改造はモ510形全車両とモ520形5両が対象となった。改造内容は以下の通り。

  • 車体塗装をスカーレットと白のツートンへ変更。
  • 座席を転換クロスシートへ改装。通路幅確保のため、1+2列の配置とし、車内中央を境に点対称とする。
  • 自動折りたたみ式ステップの設置。
  • 集電装置をパンタグラフへ換装。
  • ブレーキ装置を直通空気ブレーキから非常弁付直通空気ブレーキへ交換。
  • 先頭部に密着自動連結器を新設。
  • モ510形のみ総括制御化を行い、主電動機を従来のDK60型直流直巻電動機×2からTDK-516-A直流直巻電動機×4へ換装。主制御装置も従来の直接制御タイプから間接非自動制御タイプ(HL)へ換装。
  • モ520形は連結運行時はクハとなるため、本揖斐方運転台にのみHL制御マスコンを新設。

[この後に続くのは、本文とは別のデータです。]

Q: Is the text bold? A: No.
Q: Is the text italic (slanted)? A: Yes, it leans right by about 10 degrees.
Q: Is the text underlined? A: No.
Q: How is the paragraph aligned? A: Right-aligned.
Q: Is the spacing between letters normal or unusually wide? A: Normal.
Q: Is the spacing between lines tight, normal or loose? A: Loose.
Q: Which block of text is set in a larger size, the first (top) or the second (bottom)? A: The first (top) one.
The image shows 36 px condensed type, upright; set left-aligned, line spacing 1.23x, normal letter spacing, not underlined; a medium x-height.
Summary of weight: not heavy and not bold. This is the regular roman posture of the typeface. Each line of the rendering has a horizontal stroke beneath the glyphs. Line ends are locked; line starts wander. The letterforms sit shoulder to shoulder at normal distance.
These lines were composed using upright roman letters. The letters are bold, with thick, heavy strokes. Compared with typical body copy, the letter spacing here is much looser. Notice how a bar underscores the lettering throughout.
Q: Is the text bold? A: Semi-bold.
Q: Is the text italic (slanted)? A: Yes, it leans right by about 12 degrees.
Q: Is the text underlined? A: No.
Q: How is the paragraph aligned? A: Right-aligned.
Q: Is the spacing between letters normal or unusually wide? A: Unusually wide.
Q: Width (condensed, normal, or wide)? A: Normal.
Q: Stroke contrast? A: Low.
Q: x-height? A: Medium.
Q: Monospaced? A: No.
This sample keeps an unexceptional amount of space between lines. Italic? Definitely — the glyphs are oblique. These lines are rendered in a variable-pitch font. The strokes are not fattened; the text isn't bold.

直通運転開始当初は揖斐線内はモ510とモ520を連結して2両運転、忠節駅で切り離して岐阜市内線では1両ずつの単行運転を行っていたが、1975年(昭和50年)から連結したまま市内線に入ってくるようになった。

その後の改造[編集]

1972年(昭和47年)から1979年(昭和54年)にかけて、車体塗装の名鉄スカーレット単色化、車内放送装置新設、客用扉・ワイパーの自動化なども施工された。

晩年[編集]

1980年代に入ると非冷房のモ510・520は時代遅れとみなされるようになり、特に偽スチール車で老朽化著しいモ520形は1988年(昭和63年)までにモ770形に代替される形で全廃された。同年にはモ510形のうちトップナンバーのモ511とラストナンバーのモ515も廃車されている。

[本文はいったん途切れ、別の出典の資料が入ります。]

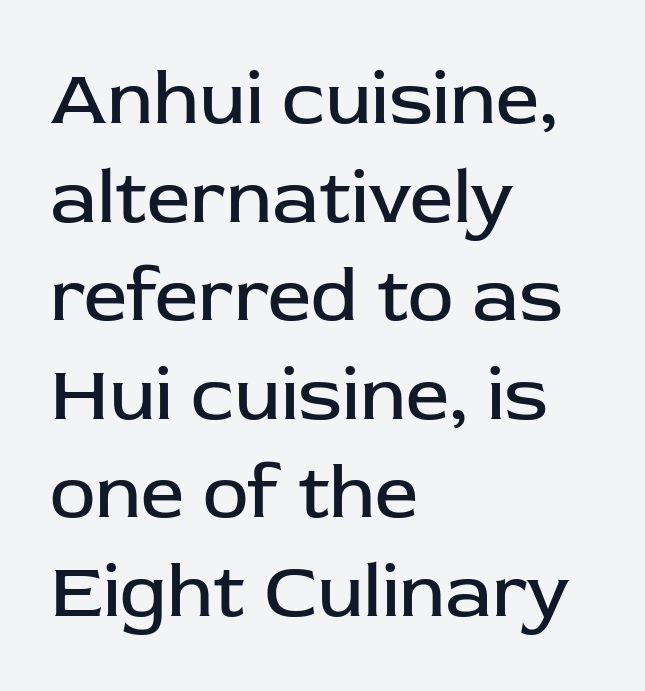
{"serif": "no", "italic": "no", "bold": "no", "weight": "regular", "width": "normal", "stroke_contrast": "low", "x_height": "medium", "monospaced": "no", "underline": "no", "align": "left", "line_spacing": "normal", "line_spacing_ratio": 1.28, "letter_spacing": "normal", "letter_spacing_em": 0.0, "glyph_px": 77}
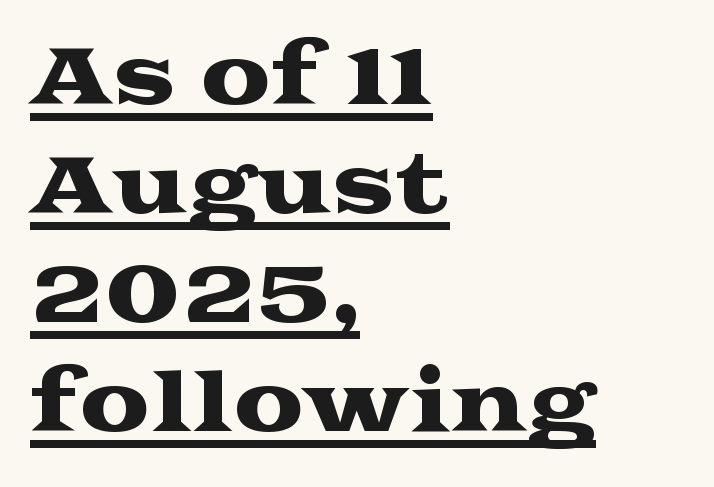
Compared with undecorated copy, this sample adds a rule below the words. The typeface chosen for these lines features serifs. Honestly, the letter spacing is just normal — you wouldn't notice it. In terms of leading, this rendering sits right in the middle. Varying glyph widths throughout — classic text-font behaviour.
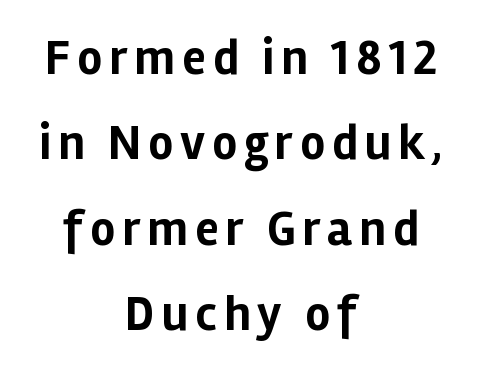
Alignment: centered. Clear beneath every line of the passage. Look at the stroke-to-counter ratio: heavy, a bold. Posture: vertical.
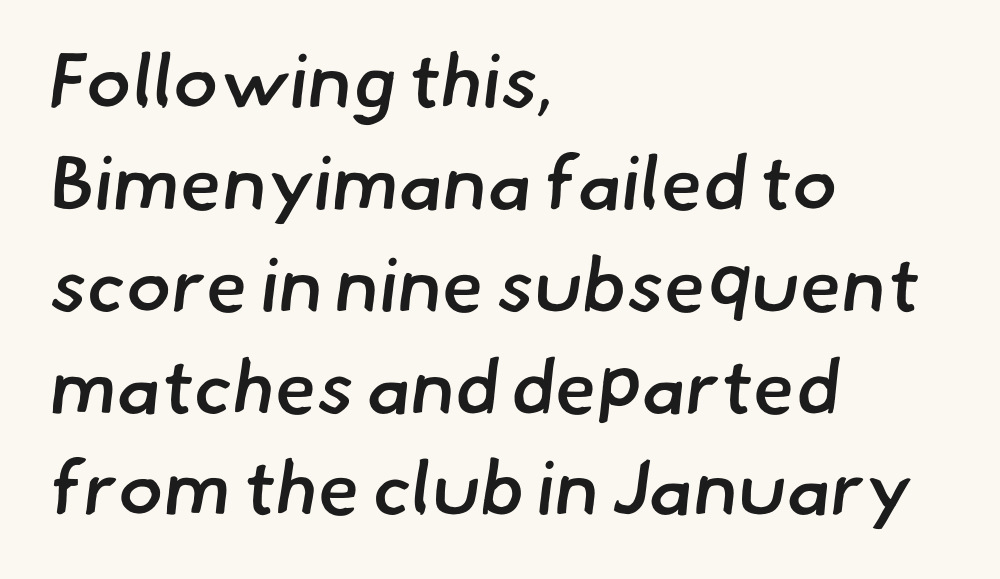
The image shows 76 px semibold sans-serif type; set left-aligned, normal line spacing (1.34x), normal letter spacing, not underlined; low stroke contrast and a small x-height.
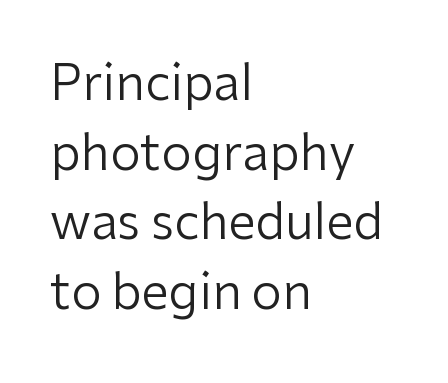
The image shows 49 px regular-weight sans-serif type, upright; set left-aligned, normal line spacing (1.42x), normal letter spacing, not underlined; low stroke contrast and a medium x-height.
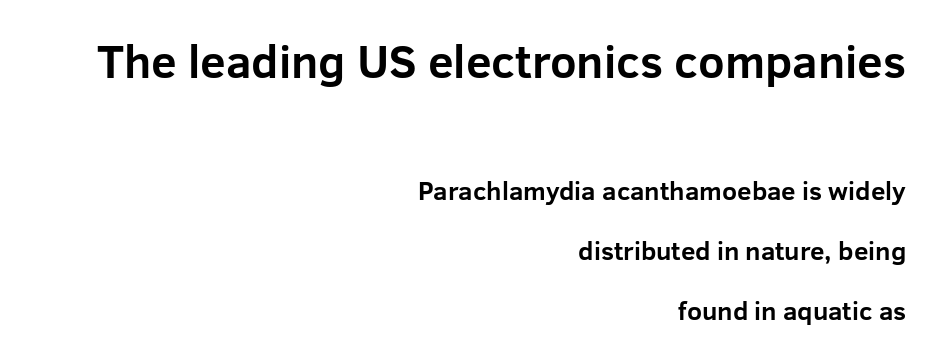
{"serif": "no", "italic": "no", "bold": "yes", "weight": "bold", "width": "normal", "stroke_contrast": "low", "x_height": "medium", "monospaced": "no", "underline": "no", "align": "right", "line_spacing": "loose", "line_spacing_ratio": 2.32, "letter_spacing": "normal", "letter_spacing_em": 0.0, "larger_block": "first", "size_ratio": 1.77, "glyph_px": 46}
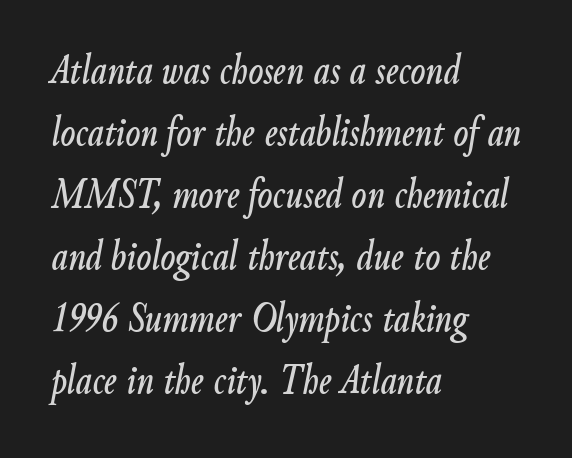
The specimen omits any rule beneath the text block's lines. Leading matches the norm, producing a regular column. Look at the tracking — it's just the regular setting, nothing added. Do the characters align in a grid? No, the font is proportional. Every row of glyphs begins at an identical x-position on the left.
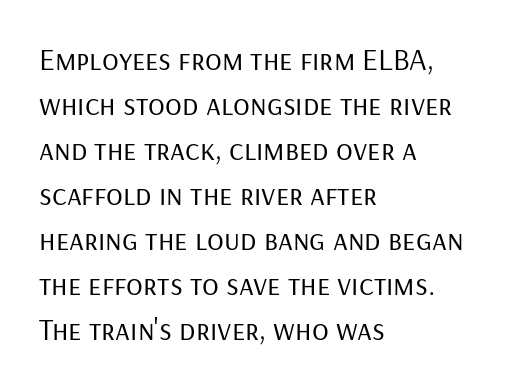
The image shows 31 px regular-weight sans-serif type, upright; set left-aligned, normal line spacing (1.45x), normal letter spacing, not underlined; low stroke contrast and a medium x-height.

残ったモ512~514の3両は引き続き運用に入り、鉄道友の会エバーグリーン賞受賞時に車体色を直通開始当初のカラーリングであるスカーレットと白のツートンに塗り替え、3両連結で運用に入ることもあった。しかし1997年(平成9年)にモ780形が登場するといよいよ定期運用を失って予備車に格下げ。2000年(平成12年)にはモ512が廃車となってしまう。最後まで残ったモ513・514の2両は名鉄600V線区全廃を見届けた。

保存車[編集]

  • モ512 - 美濃市の旧美濃駅で保存。車内の座席は全て撤去。
  • モ513 - 岐阜市内の金公園での保存を経て、2019年(令和元年)11月から岐阜駅北口広場で保存。
  • モ514 - 揖斐川町の旧谷汲駅で保存。
  • モ515 - 車体のみ名古屋市内のレストラン店内で保存。

以上の他、モ522の車体も埼玉県川越市内のレストラン店内で保存されていたが、2009年(平成21年)に同店舗が閉店し、店舗もろとも解体された。